## What you will do
The lines below that include "fill" are to be found and copied.

··· Data records ···

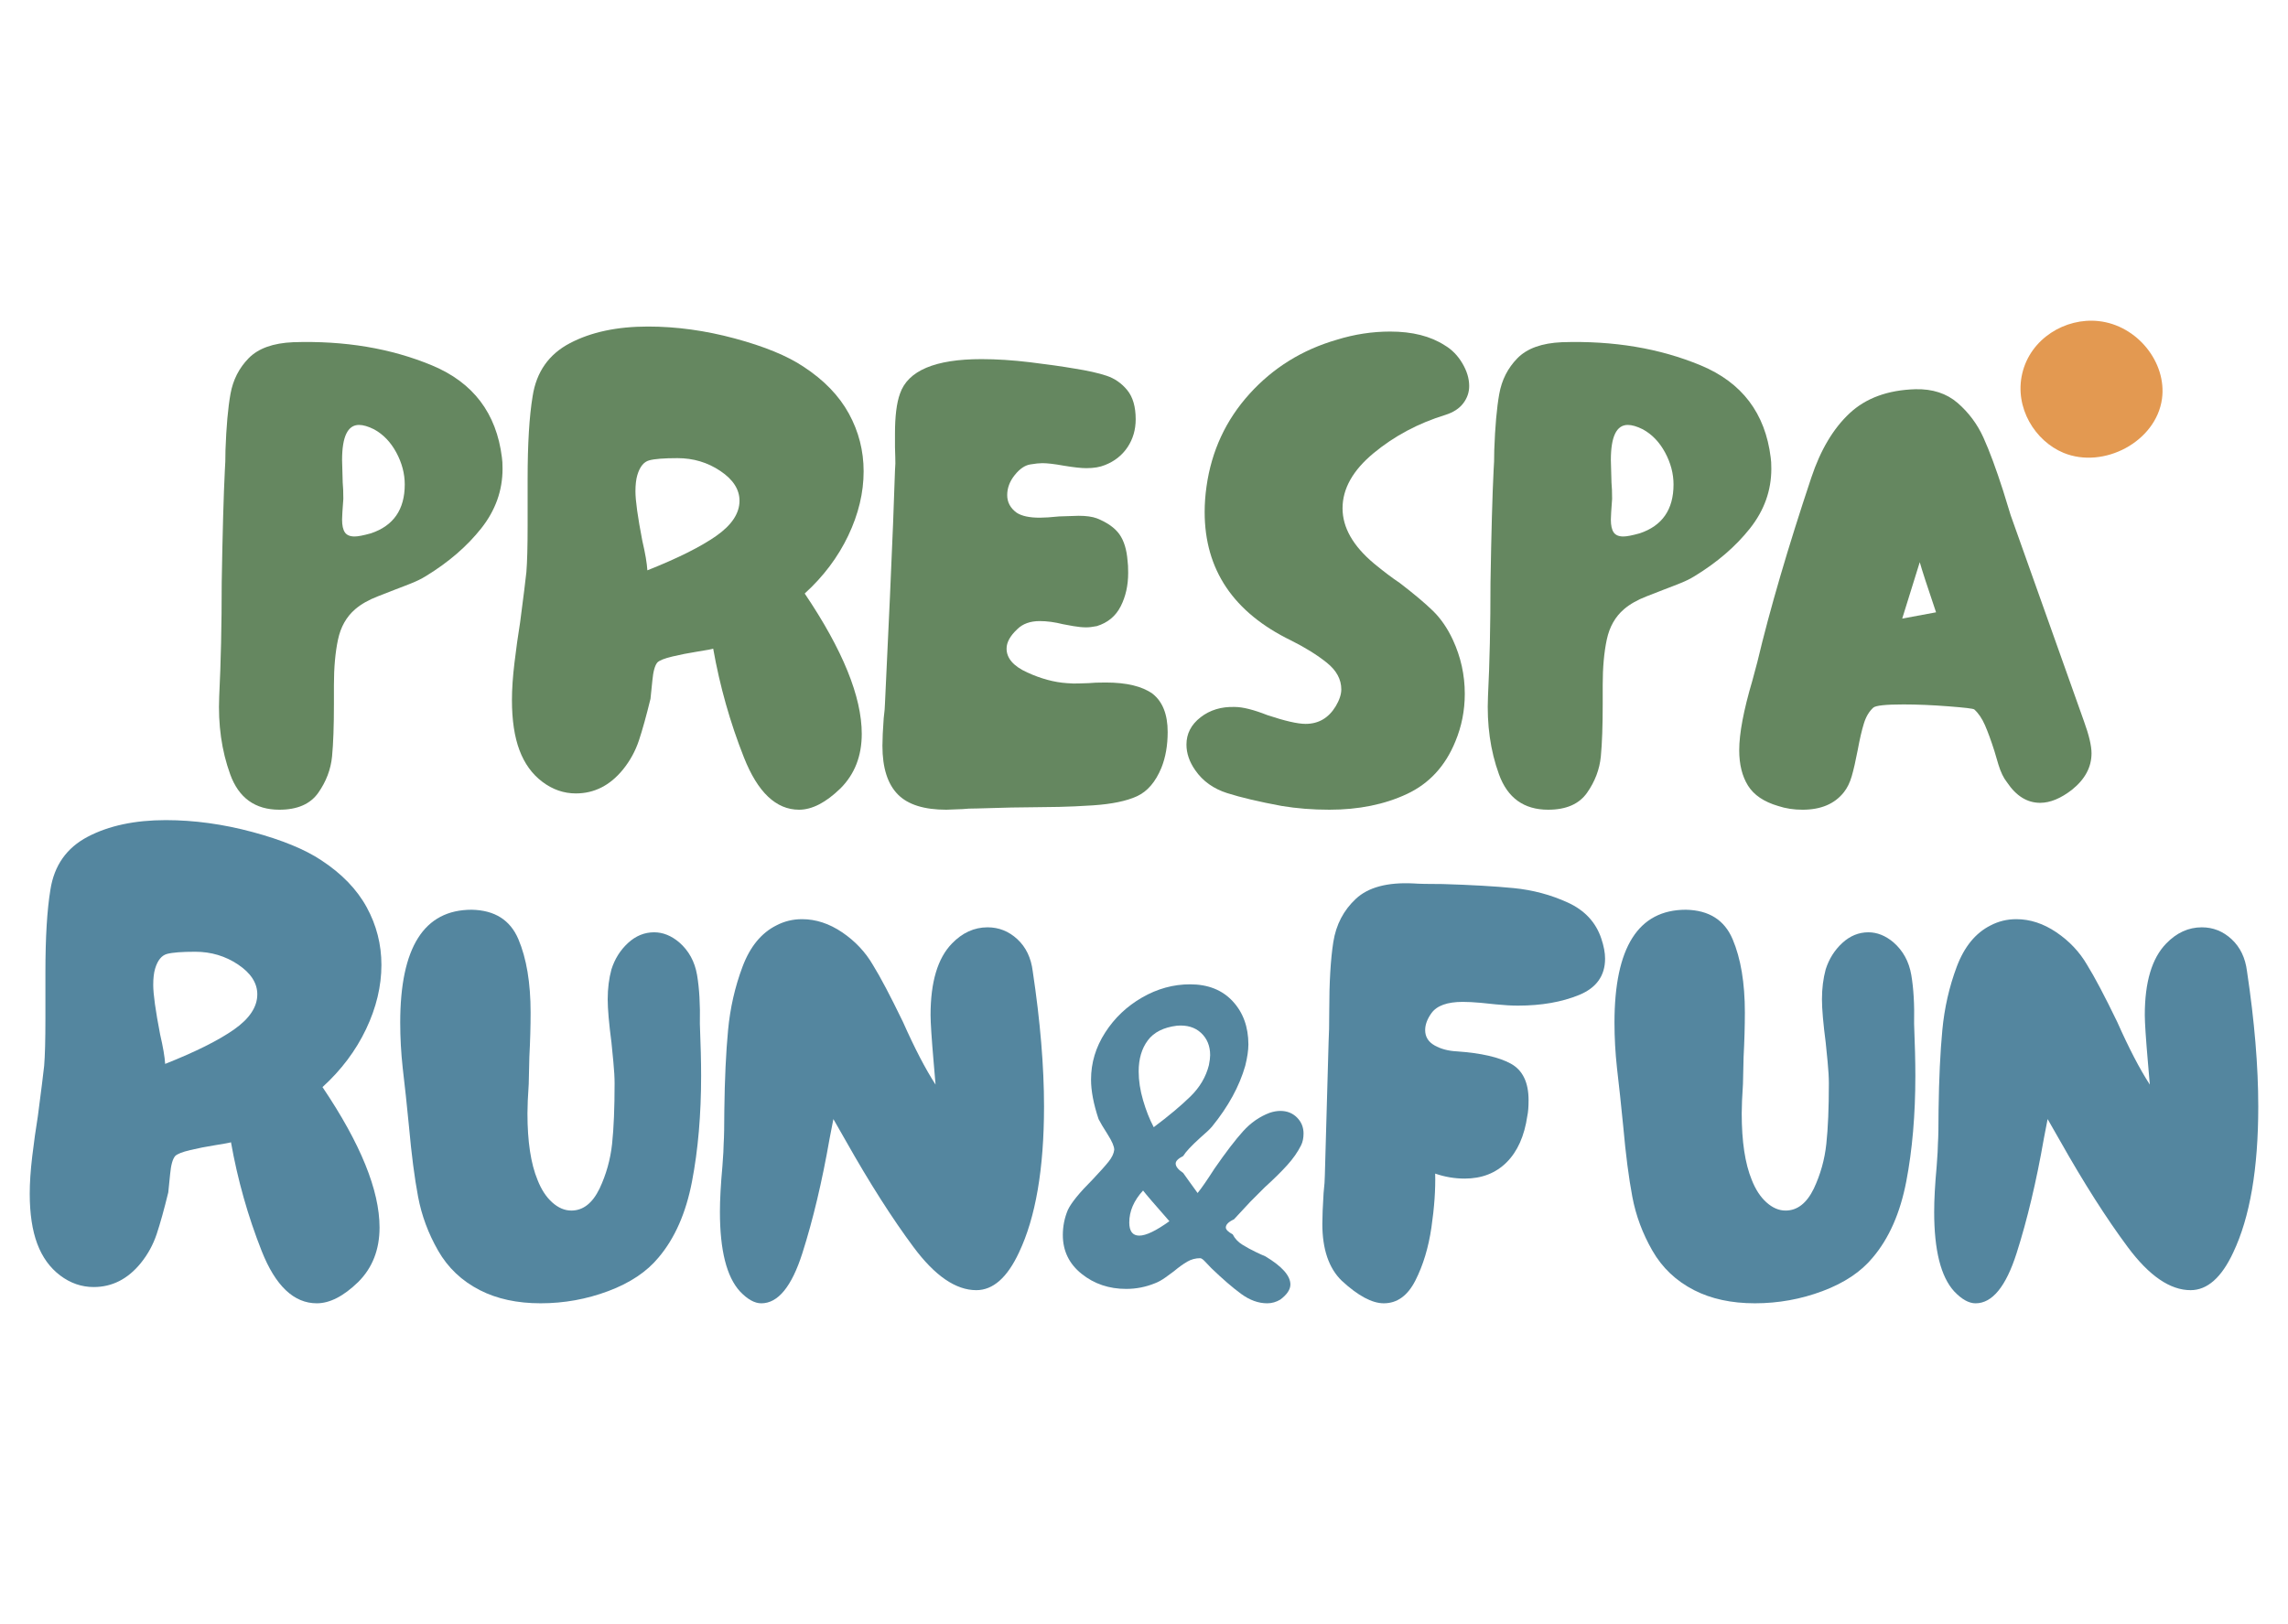 <svg version="1.2" xmlns="http://www.w3.org/2000/svg" viewBox="0 0 842 598" width="600" height="426">
	<style>
		.s0 { fill: #e39951 } 
		.s1 { fill: #658760 } 
		.s2 { fill: #54869f } 
	</style>
	<g id="Layer 1">
		<path id="&lt;Path&gt;" class="s0" d="m744.3 137.52c-2.96 12.61 4.74 24.91 15.2 29.23 14.75 6.08 34.06-4.1 36.24-19.88 1.83-13.32-9.04-27.1-23.38-28.64-12.19-1.31-25.04 6.42-28.06 19.29z"/>
		<path id="&lt;Compound Path&gt;" class="s1" d="m84.61 285.12q-4.73-13.03-4.04-28.73 0.92-18.46 0.92-41.77 0.46-27.69 1.16-41.53 0.22-2.54 0.23-7.39 0.46-12.92 1.84-20.65 1.39-7.73 6.69-13.15 5.31-5.42 16.39-5.89 28.38-0.92 51.11 8.54 22.73 9.46 25.73 33.92 0.23 1.39 0.23 4.16 0 12-7.84 21.92-7.85 9.92-20.31 17.54-2.54 1.61-6.46 3.11-3.93 1.5-5.08 1.96-1.16 0.47-6.23 2.43-5.08 1.96-8.31 4.73-4.84 4.15-6.34 11.19-1.5 7.04-1.5 16.73v6.92q0 12.24-0.69 19.39-0.7 7.15-5.08 13.38-4.39 6.23-14.31 6.23-13.39 0-18.11-13.04zm64.26-106.73q0-5.99-3.11-11.77-3.12-5.76-8.19-8.53-3.24-1.62-5.54-1.62-6.23 0-6.23 12.92l0.23 8.31q0.23 2.31 0.23 6-0.46 6-0.46 7.62 0 3.23 1.04 4.73 1.03 1.5 3.57 1.5 1.85 0 6-1.16 12.46-4.15 12.46-18z"/>
		<path id="&lt;Compound Path&gt;" class="s1" d="m294.02 298.16q-12.69 0-20.3-19.27-7.62-19.26-11.31-40.04-0.46 0.24-6.23 1.16-4.39 0.69-8.77 1.73-4.38 1.04-5.54 2.19-1.38 1.62-1.84 6.58-0.47 4.96-0.7 6.81-2.31 9.46-4.26 15.34-1.97 5.89-5.89 10.73-7.16 8.77-17.31 8.77-6.69 0-12.34-4.27-5.66-4.26-8.43-11.65-2.77-7.38-2.77-18.46 0-6 0.93-13.73 0.92-7.73 2.08-14.89 1.84-14.07 2.3-18.46 0.46-5.54 0.46-17.31v-17.07q0-19.39 1.85-30.46 2.08-13.39 13.73-19.5 11.65-6.12 28.73-6.12 15.69 0 31.96 4.39 16.27 4.38 25.27 10.38 11.31 7.39 16.73 17.31 5.42 9.92 5.42 21.23 0 11.77-5.65 23.65-5.66 11.89-16.04 21.35 21 31.15 21 51.69 0 12.23-7.84 20.07-8.08 7.85-15.24 7.85zm-30.46-100.84q8.54-6 8.54-12.93 0-6.23-7.04-10.96-7.04-4.73-15.8-4.73-7.39 0-10.39 0.81-3 0.81-4.38 5.42-0.69 2.31-0.7 6 0 5.08 2.54 18.23 1.62 6.93 1.85 10.85 16.84-6.69 25.38-12.69z"/>
		<path id="&lt;Compound Path&gt;" class="s1" d="m354.25 297.93l-6 0.23q-12.23 0-17.77-5.54-5.77-5.76-5.77-18 0-3.69 0.47-10.15 0.46-3.69 0.46-5.31l1.84-39.46q1.39-30.92 1.85-46.38 0.23-2.77 0.11-4.96-0.11-2.2-0.11-3.81v-4.85q0-9.69 1.85-14.77 4.38-12.69 30-12.69 8.3 0 17.88 1.15 9.58 1.16 16.27 2.31 7.38 1.16 11.88 2.66 4.5 1.5 7.62 5.3 3.11 3.81 3.11 10.73 0 5.77-2.99 10.27-3.01 4.5-8.31 6.58-2.77 1.16-6.92 1.15-2.78 0-8.31-0.92-5.08-0.92-7.85-0.92-1.61 0-4.38 0.46-3 0.46-5.77 3.92-2.77 3.46-2.77 7.39 0 3.92 3.46 6.46 2.77 1.85 8.54 1.85 2.53 0 7.15-0.47l7.16-0.23q4.15 0 6.69 0.93 5.76 2.31 8.31 5.88 2.53 3.58 3 9.81 0.22 1.38 0.22 4.38 0.01 6.93-2.76 12.35-2.77 5.42-8.77 7.27-2.31 0.46-3.92 0.46-2.08 0-4.74-0.46-2.65-0.46-3.8-0.7-4.62-1.15-8.54-1.15-5.31 0-8.31 3-3.93 3.69-3.92 7.15 0 5.31 7.61 8.77 7.62 3.47 14.54 3.93 2.54 0.23 4.62 0.11 2.07-0.11 3.46-0.11 2.07-0.23 6.23-0.23 11.54 0 17.3 4.15 5.54 4.39 5.54 14.08 0 7.39-2.3 13.15-3.24 7.85-9 10.5-5.77 2.65-16.16 3.35-7.15 0.46-12.46 0.57-5.31 0.12-8.77 0.12-7.15 0-21.46 0.46-3.46 0-5.31 0.23z"/>
		<path id="&lt;Compound Path&gt;" class="s1" d="m451.63 292.05q-7.61-2.42-11.76-8.43-3.24-4.61-3.24-9.46 0-6 5.2-10.04 5.19-4.03 12.57-3.8 4.38 0 12 3 9.69 3.23 14.08 3.23 7.15 0 11.08-6.46 2.07-3.47 2.07-6.24 0-5.53-5.3-9.8-5.32-4.27-13.16-8.2-31.84-15.45-31.84-47.3 0-4.62 0.69-9.46 2.77-19.62 15.81-34.04 13.03-14.42 32.19-19.96 9.69-3 19.61-3 12.23 0 20.08 5.07 3.92 2.31 6.46 6.58 2.54 4.27 2.54 8.42 0 3.47-2.19 6.35-2.2 2.89-6.58 4.27-15 4.62-26.42 14.08-11.42 9.46-11.43 20.3 0 10.62 11.54 20.31 5.31 4.39 9.46 7.15 7.85 6.01 12.23 10.27 4.39 4.28 7.39 10.73 4.38 9.47 4.38 19.85 0 9.23-3.46 17.54-5.54 13.62-17.88 19.38-12.35 5.77-28.5 5.77-9.23 0-17.54-1.38-12.46-2.31-20.08-4.73z"/>
		<path id="&lt;Compound Path&gt;" class="s1" d="m551.67 285.12q-4.74-13.03-4.04-28.73 0.92-18.46 0.92-41.77 0.46-27.69 1.15-41.53 0.23-2.54 0.24-7.39 0.46-12.92 1.84-20.65 1.38-7.73 6.69-13.15 5.31-5.42 16.39-5.89 28.38-0.92 51.11 8.54 22.73 9.46 25.73 33.92 0.23 1.39 0.23 4.16 0 12-7.84 21.92-7.85 9.92-20.31 17.54-2.54 1.61-6.46 3.11-3.93 1.5-5.08 1.96-1.16 0.47-6.23 2.43-5.08 1.96-8.31 4.73-4.84 4.15-6.34 11.19-1.5 7.04-1.5 16.73v6.92q0 12.24-0.69 19.39-0.7 7.15-5.08 13.38-4.39 6.23-14.31 6.23-13.39 0-18.11-13.04zm64.26-106.73q0-5.99-3.11-11.77-3.12-5.76-8.19-8.53-3.24-1.62-5.54-1.62-6.23 0-6.23 12.92l0.23 8.31q0.23 2.31 0.23 6-0.46 6-0.46 7.62 0 3.23 1.04 4.73 1.03 1.5 3.57 1.5 1.85 0 6-1.16 12.47-4.15 12.46-18z"/>
		<path id="&lt;Compound Path&gt;" class="s1" d="m643.34 289.28q-3.23-5.19-3.23-13.04 0-9.23 4.84-25.62l1.85-6.92q6.92-29.08 19.85-67.84 5.07-15.23 14.07-23.66 9-8.42 24.23-8.88 9.46-0.23 15.58 5.07 6.11 5.32 9.46 12.7 3.34 7.38 7.27 19.61l2.77 9 27 75.92q2.77 7.62 2.77 11.77 0 7.62-7.16 13.39-6.23 4.84-11.76 4.84-7.16 0-12.23-7.61-1.85-2.31-3.12-6.46-1.27-4.16-1.5-5.08-1.85-5.77-3.46-9.46-1.62-3.69-3.92-5.77-0.47-0.46-9.47-1.15-9-0.7-16.61-0.7-9.69 0-11.08 1.16-2.31 2.08-3.46 5.77-1.16 3.69-2.31 9.92-1.15 6-2.19 9.58-1.04 3.58-2.88 5.88-5.08 6.46-15.23 6.46-4.85 0-9-1.38-7.85-2.31-11.08-7.5zm69.23-63.81q-4.85-14.31-6-18.46l-6.46 20.77z"/>
		<path id="&lt;Compound Path&gt;" class="s2" d="m116.51 479.91q-12.69 0.01-20.31-19.26-7.61-19.27-11.3-40.04-0.47 0.23-6.23 1.15-4.39 0.69-8.77 1.73-4.39 1.04-5.54 2.19-1.39 1.62-1.85 6.58-0.46 4.97-0.69 6.81-2.31 9.46-4.27 15.35-1.96 5.88-5.88 10.72-7.16 8.78-17.31 8.78-6.7 0-12.35-4.27-5.65-4.27-8.42-11.66-2.77-7.38-2.77-18.46 0-6 0.92-13.73 0.92-7.73 2.08-14.88 1.84-14.08 2.31-18.47 0.46-5.53 0.46-17.3v-17.08q0-19.38 1.84-30.46 2.08-13.38 13.74-19.5 11.65-6.11 28.73-6.12 15.69 0.01 31.96 4.39 16.27 4.39 25.27 10.38 11.3 7.39 16.73 17.31 5.42 9.93 5.42 21.23 0 11.77-5.65 23.65-5.66 11.89-16.04 21.35 21 31.15 21 51.69 0 12.24-7.85 20.08-8.08 7.84-15.23 7.84zm-30.46-100.84q8.54-6 8.54-12.92 0-6.23-7.04-10.96-7.04-4.73-15.81-4.73-7.39 0-10.38 0.8-3 0.81-4.39 5.43-0.69 2.31-0.69 6 0 5.07 2.54 18.23 1.61 6.92 1.85 10.84 16.84-6.69 25.38-12.69z"/>
		<path id="&lt;Compound Path&gt;" class="s2" d="m161.16 460.53q-5.42-9.46-7.38-19.85-1.96-10.38-3.35-25.84l-1.15-11.31q-0.24-1.84-1.16-10.27-0.92-8.42-0.92-16.73 0-41.54 26.31-41.54 12.69 0.24 17.19 10.85 4.5 10.62 4.5 27 0 7.62-0.46 16.38l-0.23 9.93q-0.47 6.92-0.47 10.84 0 15.47 3.7 24.46 2.07 5.31 5.42 8.31 3.34 3 7.04 3 6.46 0 10.38-8.08 3.69-7.84 4.62-16.5 0.92-8.65 0.92-22.26 0-3.23-0.46-7.96-0.46-4.73-0.69-7.04-1.39-10.62-1.39-15.93 0-5.99 1.39-11.07 1.84-5.77 6.11-9.7 4.27-3.92 9.58-3.92 4.85 0 9.23 3.69 5.31 4.62 6.58 12 1.26 7.39 1.04 18 0.46 11.54 0.46 19.16 0 21.46-3.35 38.88-3.34 17.43-12.34 28.04-6.47 7.84-18.47 12.34-12 4.5-24.92 4.5-12.92 0-22.38-4.84-9.93-5.08-15.35-14.54z"/>
		<path id="&lt;Compound Path&gt;" class="s2" d="m264.89 446.22q0-6.69 0.92-16.84 0.46-6 0.46-8.31 0.23-3.46 0.24-12.23 0.22-17.31 1.38-29.54 1.15-12.23 5.31-23.31 4.15-11.07 12.46-15.23 4.38-2.3 9.46-2.3 7.61 0 14.77 4.84 7.15 4.85 11.31 12 4.15 6.7 11.07 21 6.46 14.54 12 23.08l-0.69-8.08q-1.15-13.38-1.15-17.54 0-18.22 7.84-26.3 5.77-6 13.16-6 6.23 0 10.96 4.38 4.73 4.39 5.65 11.77 4.16 27.69 4.16 49.84-0.01 34.39-9.23 53.77-6.47 13.85-15.7 13.85-11.31 0-23.07-15.81-11.77-15.8-24.93-39.11l-4.61-8.08-1.39 7.15q-4.15 23.77-10.03 42.23-5.89 18.47-15.12 18.46-3.69 0-7.85-4.38-7.38-8.07-7.38-29.31z"/>
		<path id="&lt;Compound Path&gt;" class="s2" d="m466.35 479.91q-4.85 0-9.58-3.46-4.73-3.46-10.96-9.46-1.16-1.15-2.31-2.42-1.15-1.27-1.84-1.27-2.54 0-4.73 1.27-2.2 1.27-4.97 3.58-0.92 0.69-2.99 2.19-2.08 1.5-3.93 2.19-5.08 2.08-10.61 2.08-9.47 0-16.39-5.54-6.92-5.54-6.92-14.31 0-4.84 1.85-9.23 1.84-3.92 9-11.08 4.15-4.38 5.99-6.69 1.85-2.3 2.08-4.38 0-1.85-2.42-5.66-2.43-3.8-3.35-5.65-2.77-8.31-2.77-14.54 0-9.23 5.2-17.31 5.18-8.07 13.61-12.92 8.42-4.85 17.66-4.85 9.91 0.01 15.69 6.24 5.76 6.23 5.77 15.92-0.01 3.23-1.16 7.84-3.23 11.31-12.23 22.39-1.16 1.38-4.38 4.15-4.85 4.39-6.24 6.69-2.76 1.39-2.76 2.77 0 1.62 2.76 3.46 0.93 1.39 2.31 3.24 1.39 1.85 3 4.15 2.08-2.54 6.23-9 6.23-9 10.5-13.73 4.27-4.73 9.81-6.81 2.08-0.69 3.93-0.69 3.68 0 6.11 2.42 2.42 2.43 2.42 5.89 0 2.54-0.92 4.38-1.85 3.7-5.08 7.27-3.23 3.58-8.3 8.19l-5.31 5.31-6 6.46q-3 1.39-3 3 0 1.16 2.54 2.54 1.15 2.31 3.57 3.81 2.43 1.5 4.85 2.65 2.42 1.16 3.58 1.62 9.23 5.53 9.23 10.38-0.01 2.77-3.69 5.54-2.31 1.38-4.85 1.38zm-47.08-24.92q3.69 0 11.08-5.31-8.31-9.45-9.69-11.3-5.08 5.53-5.08 11.77 0 4.84 3.69 4.84zm18.81-51.23q5.19-5.07 6.81-11.54 0.46-2.3 0.46-3.69 0-5.07-3.35-8.19-3.35-3.11-8.88-2.65-7.39 0.92-10.73 5.42-3.35 4.5-3.35 11.42 0 5.08 1.62 10.62 1.61 5.54 3.92 9.92 8.31-6.23 13.5-11.31z"/>
		<path id="&lt;Compound Path&gt;" class="s2" d="m486.65 450.61q0-3.92 0.46-11.31 0.46-4.15 0.46-6.46l1.39-49.39q0.23-3.68 0.23-11.07 0-15.92 1.5-25.5 1.5-9.57 8.31-15.92 6.8-6.35 21.11-5.66 3 0.23 10.85 0.23 15.69 0.47 26.19 1.5 10.5 1.04 19.85 5.31 9.34 4.27 12.34 13.27 1.39 4.15 1.39 7.38 0 9.47-9.58 13.39-9.58 3.92-22.5 3.92-3.46 0-8.08-0.46-1.84-0.23-5.65-0.58-3.81-0.34-6.58-0.34-8.54 0-11.53 4.15-2.31 3.23-2.31 6.23 0 3.7 3.46 5.65 3.46 1.97 8.31 2.2 13.15 0.92 19.73 4.5 6.57 3.58 6.57 13.5 0 3.69-0.46 5.77-1.61 11.07-7.61 17.07-6.01 6-15.46 6-5.54 0-10.85-1.84 0.23 8.77-1.38 19.84-1.62 11.08-5.89 19.5-4.27 8.43-11.65 8.42-6.47 0-15.47-8.3-7.15-6.93-7.15-21z"/>
		<path id="&lt;Compound Path&gt;" class="s2" d="m608.15 460.53q-5.43-9.46-7.39-19.85-1.96-10.38-3.34-25.84l-1.16-11.31q-0.23-1.84-1.15-10.27-0.92-8.42-0.92-16.73 0-41.54 26.3-41.54 12.69 0.24 17.19 10.85 4.51 10.62 4.51 27-0.01 7.62-0.47 16.38l-0.23 9.93q-0.46 6.92-0.46 10.84 0 15.47 3.69 24.46 2.08 5.31 5.43 8.31 3.34 3 7.03 3 6.46 0 10.39-8.08 3.69-7.84 4.61-16.5 0.93-8.65 0.93-22.26 0-3.23-0.46-7.96-0.47-4.73-0.7-7.04-1.38-10.62-1.38-15.93 0-5.99 1.38-11.07 1.85-5.77 6.12-9.7 4.27-3.92 9.58-3.92 4.84 0 9.23 3.69 5.3 4.62 6.57 12 1.27 7.39 1.04 18 0.46 11.54 0.46 19.16 0 21.46-3.34 38.88-3.35 17.43-12.35 28.04-6.46 7.84-18.46 12.34-12 4.5-24.92 4.5-12.93 0-22.39-4.84-9.92-5.08-15.34-14.54z"/>
		<path id="&lt;Compound Path&gt;" class="s2" d="m711.88 446.22q-0.01-6.69 0.92-16.84 0.46-6 0.46-8.31 0.23-3.46 0.23-12.23 0.23-17.31 1.39-29.54 1.15-12.23 5.3-23.31 4.16-11.07 12.46-15.23 4.39-2.3 9.47-2.3 7.61 0 14.76 4.84 7.16 4.85 11.31 12 4.16 6.7 11.08 21 6.46 14.54 12 23.08l-0.69-8.08q-1.16-13.38-1.16-17.54 0-18.22 7.85-26.3 5.77-6 13.15-6 6.23 0 10.96 4.38 4.73 4.39 5.66 11.77 4.15 27.69 4.15 49.84 0 34.39-9.23 53.77-6.46 13.85-15.69 13.85-11.31 0-23.08-15.81-11.77-15.8-24.92-39.11l-4.62-8.08-1.38 7.15q-4.15 23.77-10.04 42.23-5.89 18.47-15.11 18.46-3.7 0-7.85-4.38-7.39-8.07-7.38-29.31z"/>
	</g>
</svg>

···

## Answer area
		.s0 { fill: #e39951 } 
		.s1 { fill: #658760 } 
		.s2 { fill: #54869f } 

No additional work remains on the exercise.